Now about "salsify" here is a link to a New York Times article on it. http://www.washingtonpost.com/lifestyle/home-garden/salsify-a-root-vegetable-that-does-double-duty/2011/12/20/gIQAxL6GaP_story.html

The goats eat it when ever they get a chance, especially the flower, after it closes up and the seeds are forming, and people eat the roots, said to taste like artichoke hearts, and I think the article says people eat the greens too. I've just googled salsify plant images, and there is a good array of photos of the plant in all stages.

I did not buy the seed, I watched for seed heads driving down Plateau Creek canyon (maybe that's what it's called) on the way home from a friend's house, and gathered thousands of seeds. They germinated readily, and now I have lots of it.

I have not eaten it yet, but I like knowing I have these things which really would feed me, if I went to the trouble of digging them up.

Did I already mention evening primrose? I know there are a lot of plants that go by this name. What I have grows 4-5 feet tall, is a biennial or short lived perennial. It is kind of a ragged looking plant, begins to flower right after the equinox.

The flowers open right at dusk, pop open before your eyes and moths are right on them to pollinate. A great plant to have around because of the awe inspired by wathcing a flower open.

I can try to remember to photograph it later this year. It is now prolific on my place, after introduction about 7 years ago from a plant I brought with me and a grocery sack of seed pods from my friend's garden.
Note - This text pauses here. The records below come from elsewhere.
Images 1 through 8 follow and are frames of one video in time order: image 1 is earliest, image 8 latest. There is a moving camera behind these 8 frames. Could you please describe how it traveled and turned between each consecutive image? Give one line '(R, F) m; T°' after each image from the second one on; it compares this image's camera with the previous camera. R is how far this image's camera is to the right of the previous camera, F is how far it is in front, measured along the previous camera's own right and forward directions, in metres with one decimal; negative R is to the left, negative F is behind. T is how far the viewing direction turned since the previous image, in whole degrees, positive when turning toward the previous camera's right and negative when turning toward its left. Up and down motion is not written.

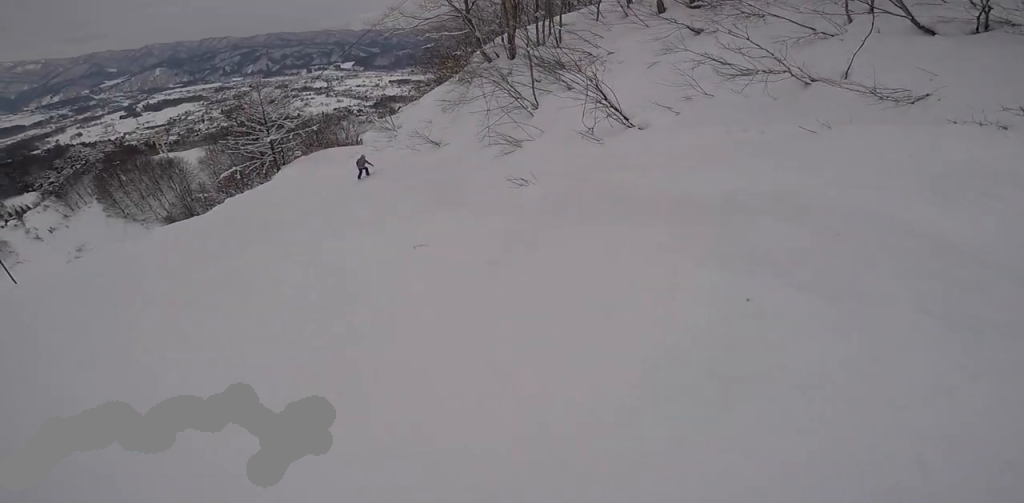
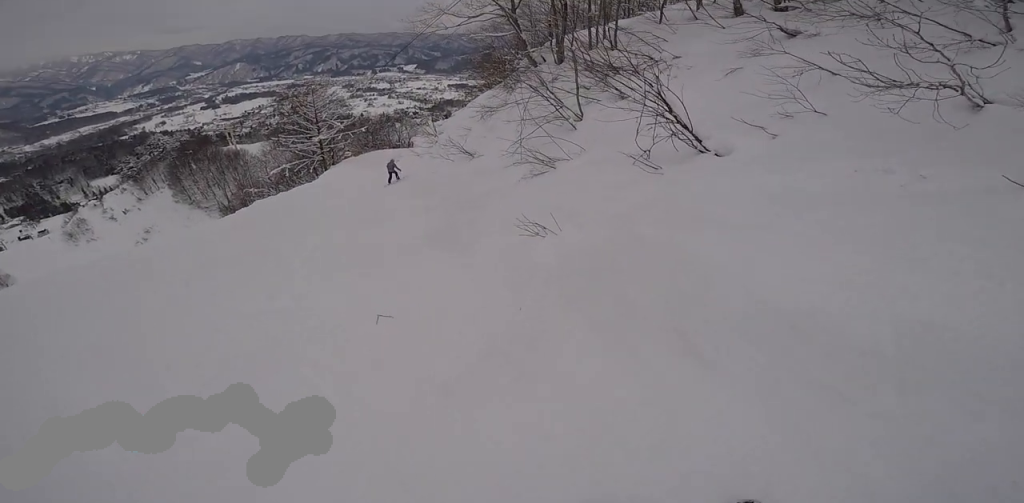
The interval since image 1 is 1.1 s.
(+1.0, +2.5) m; -13°
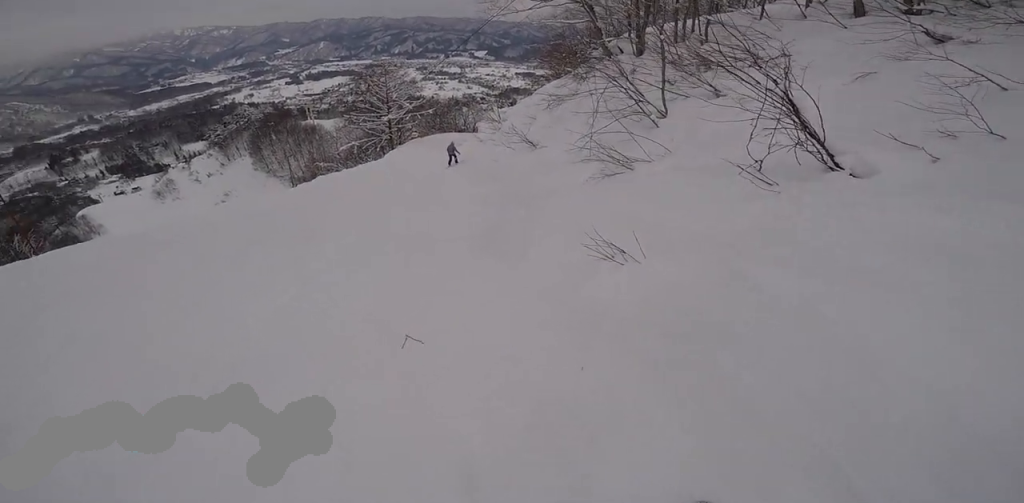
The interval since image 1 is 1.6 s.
(-0.8, +1.3) m; -22°
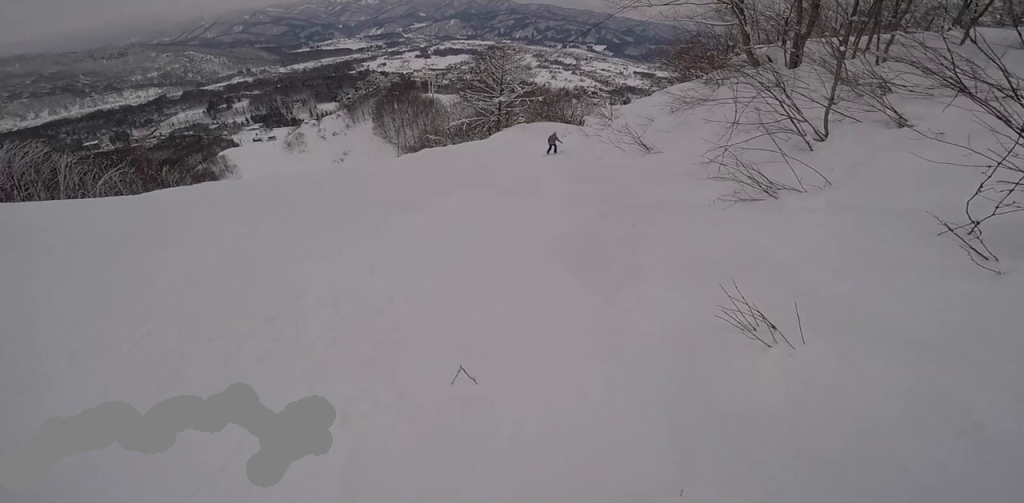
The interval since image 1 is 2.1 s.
(-0.2, +1.3) m; -15°
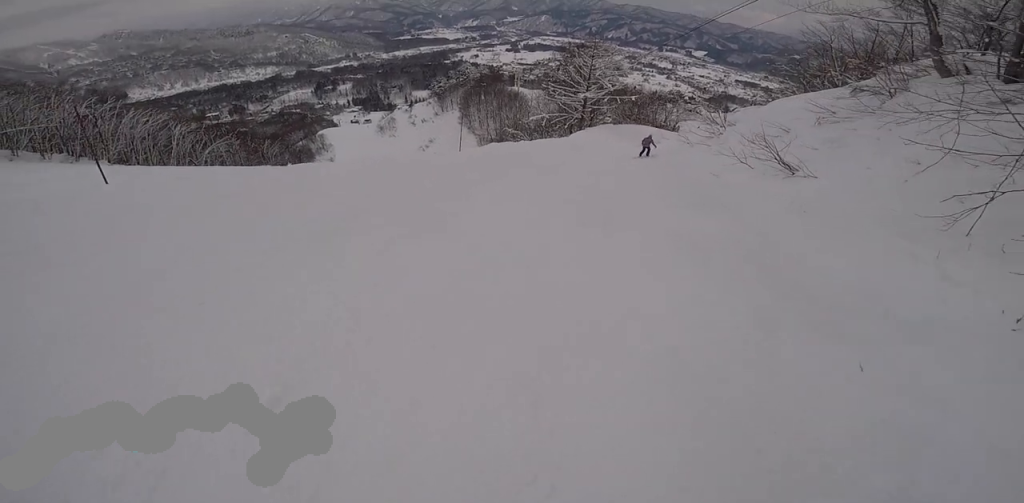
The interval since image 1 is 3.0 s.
(-0.2, +3.3) m; -3°
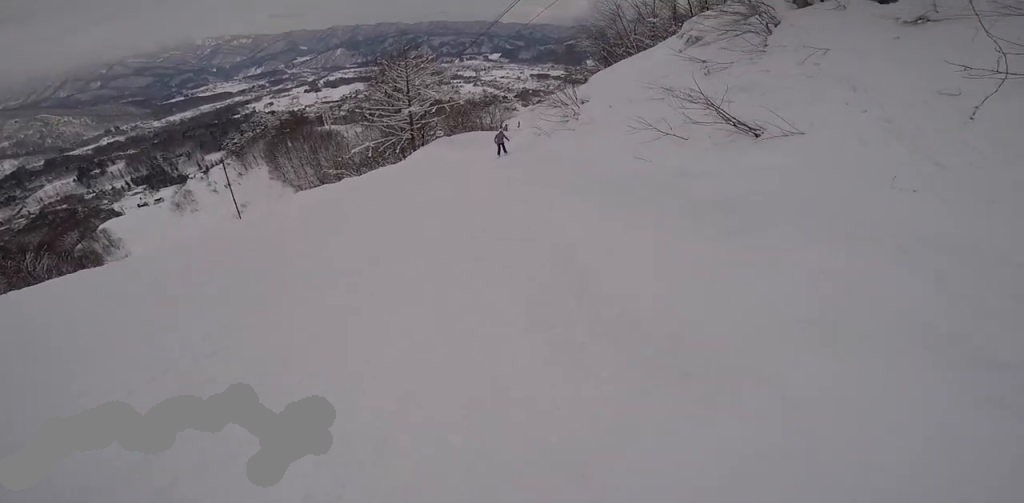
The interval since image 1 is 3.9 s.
(0.0, +3.3) m; +14°
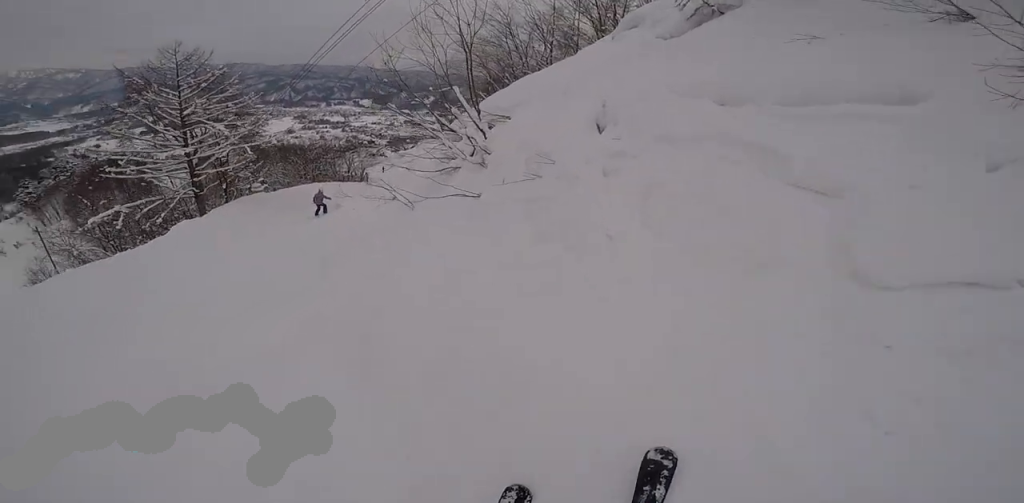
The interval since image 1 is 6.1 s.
(+2.0, +9.4) m; +8°
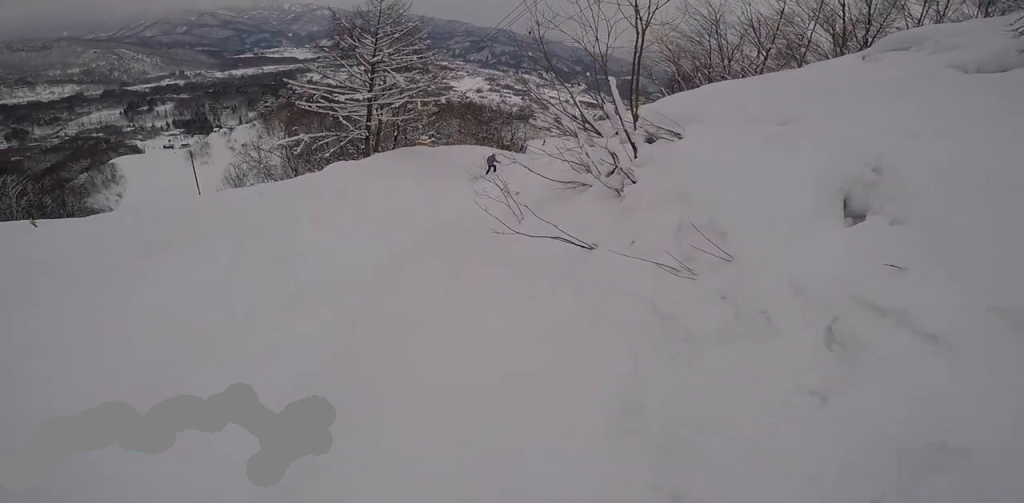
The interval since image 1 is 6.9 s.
(0.0, +3.7) m; -10°

This is why I would have to give you seeds to be sure you end up with the "right" one.

What would be really cool is to get a movie of them opening, but I would have to learn new skills to be able to do that.

I include a leaf or two in any chopped greens or green smoothie I make. Again the root is said to be edible, though I have not tried it. The seeds are tiny, but probably have the evening primrose oil in them.